What an Autonomous Agent Discovers About Molecular Transformer Design: Does It Transfer?

TL;DR

This study investigates whether transformer architectures optimized via autonomous search for molecular sequences differ from those for natural language, revealing transferability and domain-specific insights.

Contribution

It systematically compares architecture search versus hyperparameter tuning across molecular and language domains, highlighting transferability of innovations.

Findings

Architecture search is counterproductive for SMILES; tuning hyperparameters suffices.

Natural language benefits significantly from architecture changes, improving performance.

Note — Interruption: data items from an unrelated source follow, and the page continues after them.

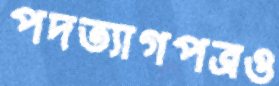
পদত্যাগপত্রও
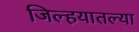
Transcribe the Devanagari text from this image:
जिल्हयातल्या
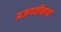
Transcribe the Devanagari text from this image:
अजगवीनाथ
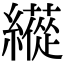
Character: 𦆬
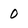
Character: 0
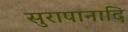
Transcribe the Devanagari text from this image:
सुरापानादि
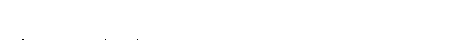
ပုံမှန်ဆို ဆီးကတစ်ဆင့် စွန့်ပစ်ရမယ့် နဲ့ လို ဓာတုပစ္စည်းတွေဟာ သွေးထဲမှာပုံလာတဲ့အတွက်
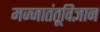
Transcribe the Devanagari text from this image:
मज्जातंतूविज्ञान
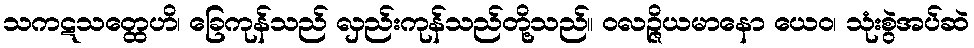
သကဋသတ္ထေဟိ၊ ခြေကုန်သည် လှည်းကုန်သည်တို့သည်။ ဝလဉ္ဇိယမာနော ယေဝ၊ သုံးစွဲအပ်ဆဲ
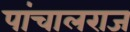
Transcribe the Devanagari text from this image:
पांचालराज
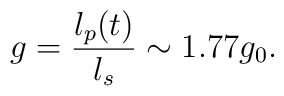
g =\frac{l_p(t)}{l_s} \sim 1.77 g_0.

Discovered architectures are domain-specific but transfer well with minimal degradation.

Abstract

Deep learning models for drug-like molecules and proteins overwhelmingly reuse transformer architectures designed for natural language, yet whether molecular sequences benefit from different designs has not been systematically tested. We deploy autonomous architecture search via an agent across three sequence types (SMILES, protein, and English text as control), running 3,106 experiments on a single GPU. For SMILES, architecture search is counterproductive: tuning learning rates and schedules alone outperforms the full search (p = 0.001). For natural language, architecture changes drive 81% of improvement (p = 0.009). Proteins fall between the two. Surprisingly, although the agent discovers distinct architectures per domain (p = 0.004), every innovation transfers across all three domains with <1% degradation, indicating that the differences reflect search-path dependence rather than fundamental biological requirements. We release a decision framework and open-source toolkit for molecular modeling teams to choose between autonomous architecture search and simple hyperparameter tuning.